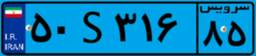
۹۷S۱۸۱۴۸
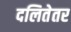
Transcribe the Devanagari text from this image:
दलितेतर
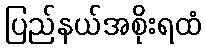
ပြည်နယ်အစိုးရထံ
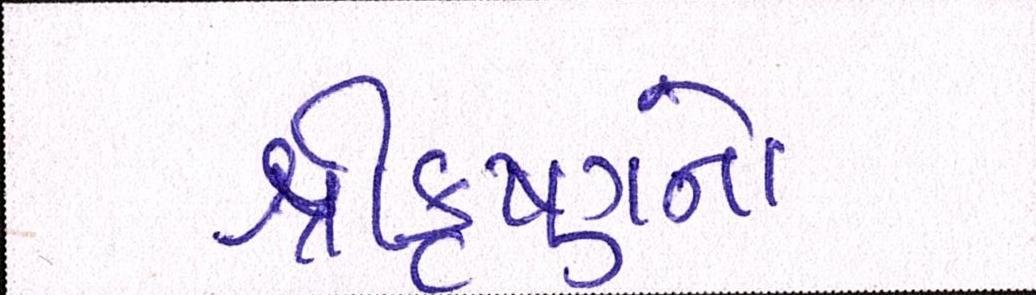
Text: શ્રીકૃષ્ણનો
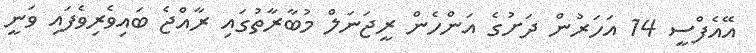
އޭއެފްސީ 14 އަހަރުން ދަށުގެ އަންހެން ރީޖަނަލް މުބާރާތުގައި ރާއްޖެ ބައިވެރިވެފައި ވަނީ
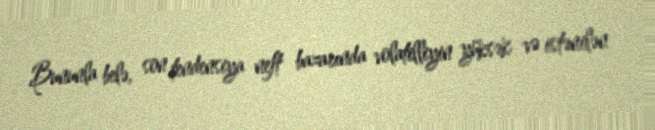
Bununla belə, son tendensiya neft bazarında volatilliyin yüksək və istənilən
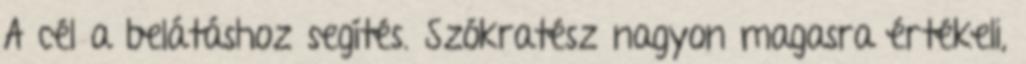
A cél a belátáshoz segítés. Szókratész nagyon magasra értékeli,
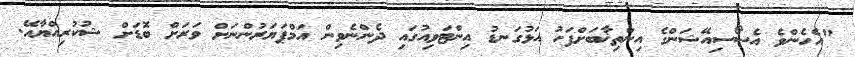
"އެހެންވެ އެސޯސިއޭޝަންގެ އިންތިޚާބަށްފަހު އަޅުގަނޑު އިންޓަވިއުގައި ދެންނެވިން އަމްޕަޔަރުންނަށް ވަރަށް ބޮޑަށް ޝުކުރިއްޔާއޭ.
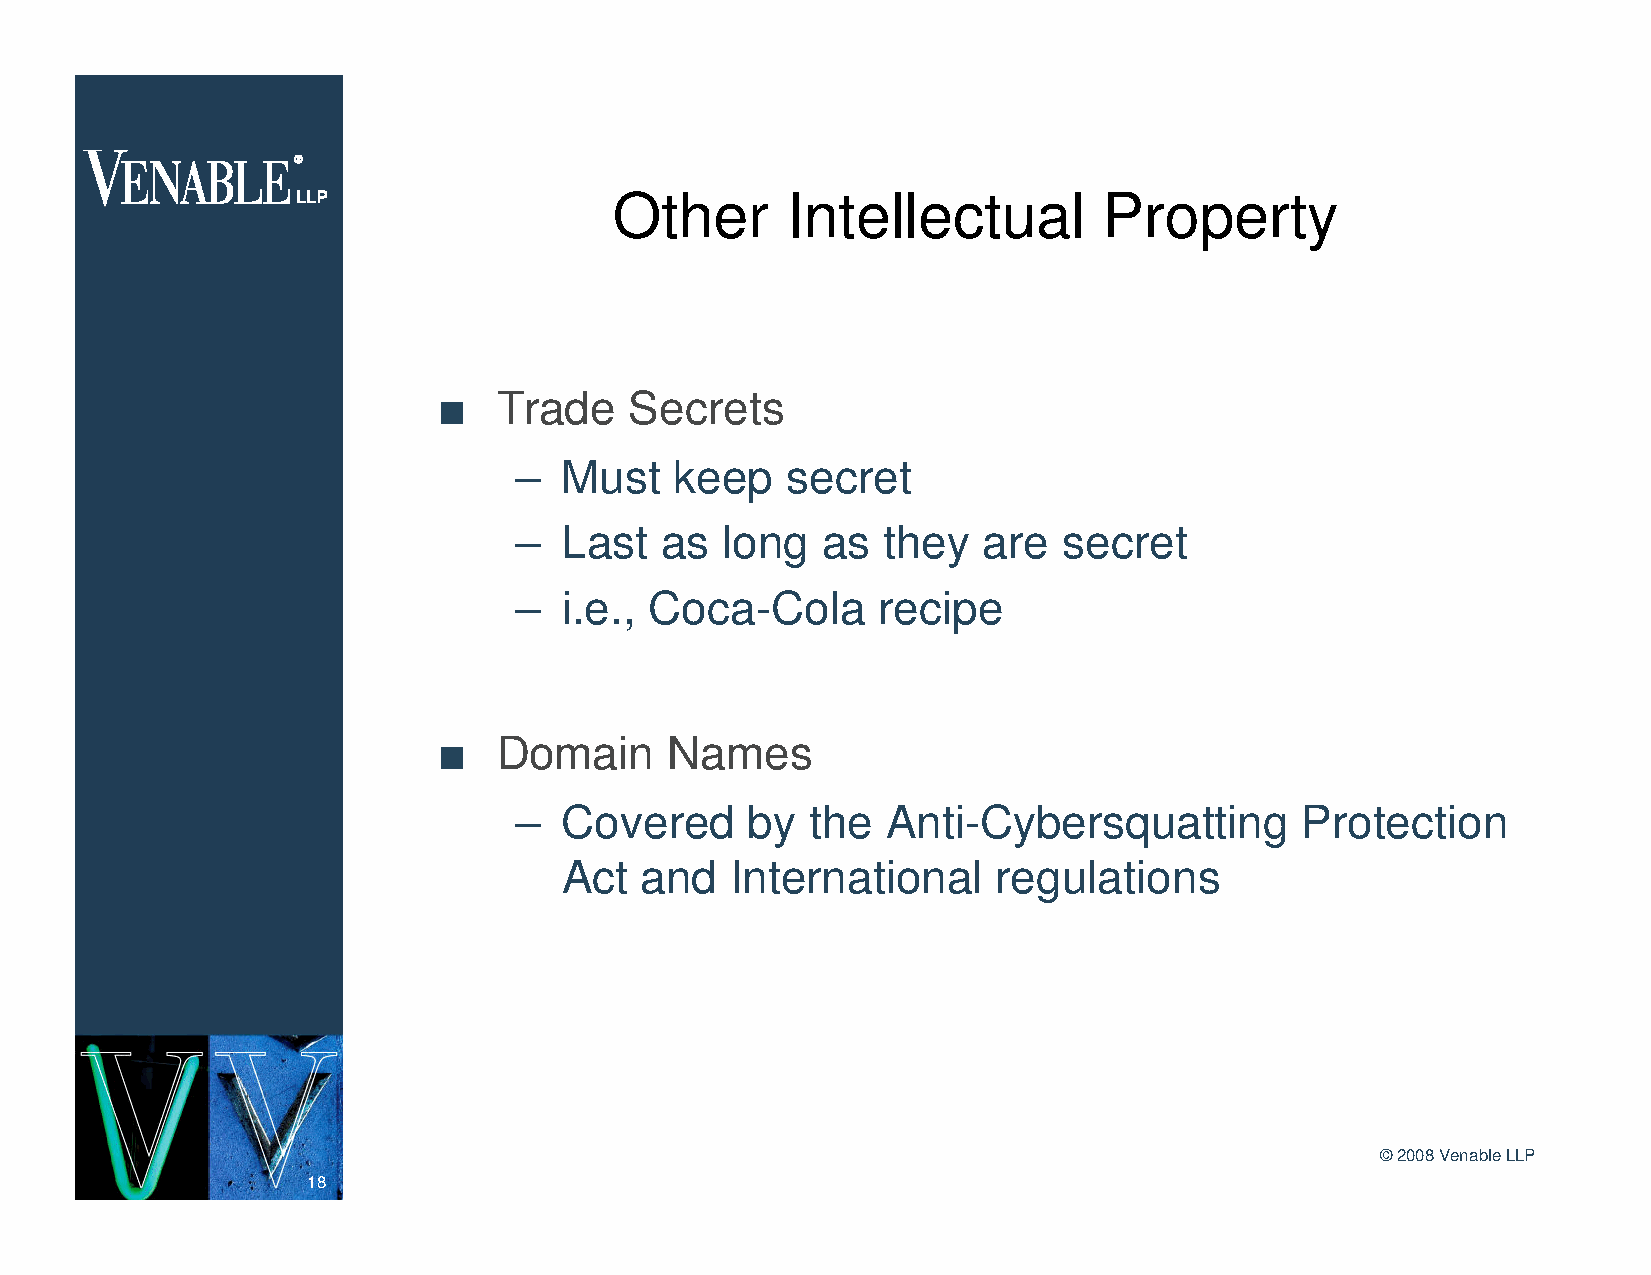
Other      Intellectual         Property
 n   Trade    Secrets
 –  Must    keep   secret
 –  Last   as  long  as  they   are  secret
 –  i.e., Coca-Cola      recipe
 n   Domain     Names
 –  Covered      by  the  Anti-Cybersquatting        Protection
 Act  and   International     regulations
 ©2008 Venable LLP
 18
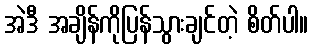
အဲဒီ အချိန်ကိုပြန်သွားချင်တဲ့ စိတ်ပါ။
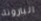
البارونة
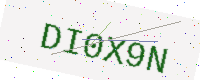
Text: DI0X9N
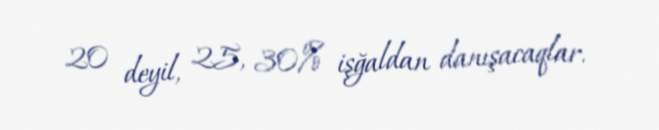
20 deyil, 25, 30% işğaldan danışacaqlar.
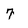
Character: 7
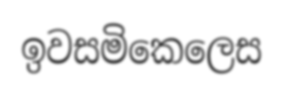
ඉවසමිකෙලෙස
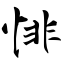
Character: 悱
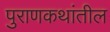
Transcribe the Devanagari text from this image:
पुराणकथांतील
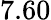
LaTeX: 7.60
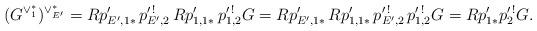
LaTeX: \begin{align*}(G^{\vee ^{*}_{1}}) ^{\vee ^{*}_{E'}} =R p^{\prime}_{E',1*}\, p ^{\prime\, !}_{E',2}\,Rp ^{\prime}_{1,1*} \,p ^{\prime\,!}_{1,2}G= R p^{\prime}_{E',1*}\, Rp ^{\prime}_{1,1*} \, p ^{\prime\, !}_{E',2}\,p ^{\prime\,!}_{1,2} G = Rp'_{1*}p^{\prime \,!}_{2} G.\end{align*}
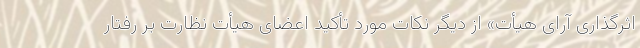
اثرگذاری آرای هیأت» از دیگر نکات مورد تأکید اعضای هیأت نظارت بر رفتار
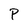
Character: P
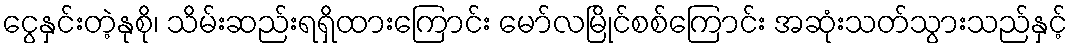
ငွေနှင်းတဲ့နုစို၊ သိမ်းဆည်းရရှိထားကြောင်း မော်လမြိုင်စစ်ကြောင်း အဆုံးသတ်သွားသည်နှင့်
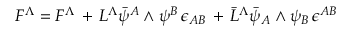
F ^ { \Lambda } = { \cal F } ^ { \Lambda } \, + \, L ^ { \Lambda } \bar { \psi } ^ { A } \wedge \psi ^ { B } \, \epsilon _ { A B } \, + \, \bar { L } ^ { \Lambda } \bar { \psi } _ { A } \wedge \psi _ { B } \, \epsilon ^ { A B }
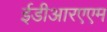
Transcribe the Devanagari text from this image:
ईडीआरएएम
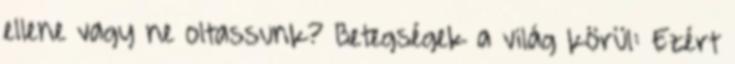
ellene vagy ne oltassunk? Betegségek a világ körül: Ezért
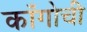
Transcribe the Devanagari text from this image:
काँगोची
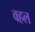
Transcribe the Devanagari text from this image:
वहल
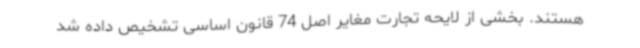
هستند. بخشی از لایحه تجارت مغایر اصل 74 قانون اساسی تشخیص داده شد
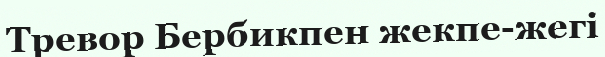
Тревор Бербикпен жекпе-жегі
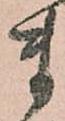
ま
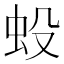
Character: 𧈻
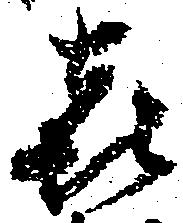
喜
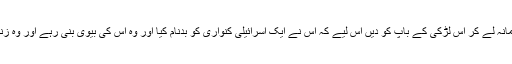
اور اُس سے چاندی کی سو مثقال جرمانہ لے کر اُس لڑکی کے باپ کو دیں اس لیے کہ اُس نے ایک اسرائیلی کنواری کو بدنام کیا اور وہ اُس کی بیوی بنی رہے اور وہ زندگی بھر اُس کو طلاق نہ دینے پائے۔
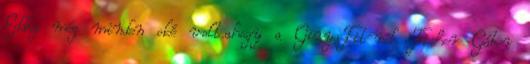
Eddig még minden oké volt.ahogy a GiryaFit-nél Fisher Gábor
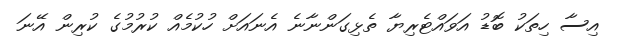
އިސާ ހިތަކު ބޮޑު އަވައްޓެރިޔާ ތެޅިގަންނާނެ އެނައަށް ހުކުމެއް ކުރުމުގެ ކުރިން އޭނަ
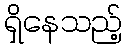
ရှိနေသည့်
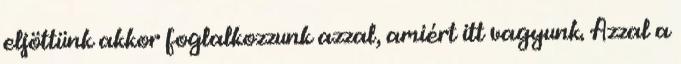
eljöttünk akkor foglalkozzunk azzal, amiért itt vagyunk. Azzal a
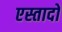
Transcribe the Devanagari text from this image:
एस्तादो
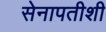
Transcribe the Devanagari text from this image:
सेनापतीशी
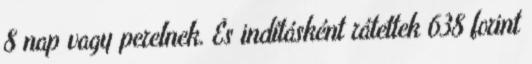
8 nap vagy perelnek. És indításként rátettek 638 forint
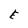
Character: E
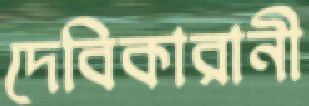
দেবিকারানী
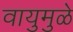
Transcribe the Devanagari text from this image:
वायुमुळे
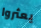
يعثروا

§ **PROBLEM REQUIREMENTS**: Reproduce the span beginning at the line with "Character: 𧈻" and ending at the last line of the entries above, inclusive, exactly as it stands. Exclude the pictures.

§ **TASK ANSWER**:
Character: 𧈻
喜
اور اُس سے چاندی کی سو مثقال جرمانہ لے کر اُس لڑکی کے باپ کو دیں اس لیے کہ اُس نے ایک اسرائیلی کنواری کو بدنام کیا اور وہ اُس کی بیوی بنی رہے اور وہ زندگی بھر اُس کو طلاق نہ دینے پائے۔
Eddig még minden oké volt.ahogy a GiryaFit-nél Fisher Gábor
އިސާ ހިތަކު ބޮޑު އަވައްޓެރިޔާ ތެޅިގަންނާނެ އެނައަށް ހުކުމެއް ކުރުމުގެ ކުރިން އޭނަ
ရှိနေသည့်
eljöttünk akkor foglalkozzunk azzal, amiért itt vagyunk. Azzal a
Transcribe the Devanagari text from this image:
एस्तादो
Transcribe the Devanagari text from this image:
सेनापतीशी
8 nap vagy perelnek. És indításként rátettek 638 forint
Character: E
দেবিকারানী
Transcribe the Devanagari text from this image:
वायुमुळे
يعثروا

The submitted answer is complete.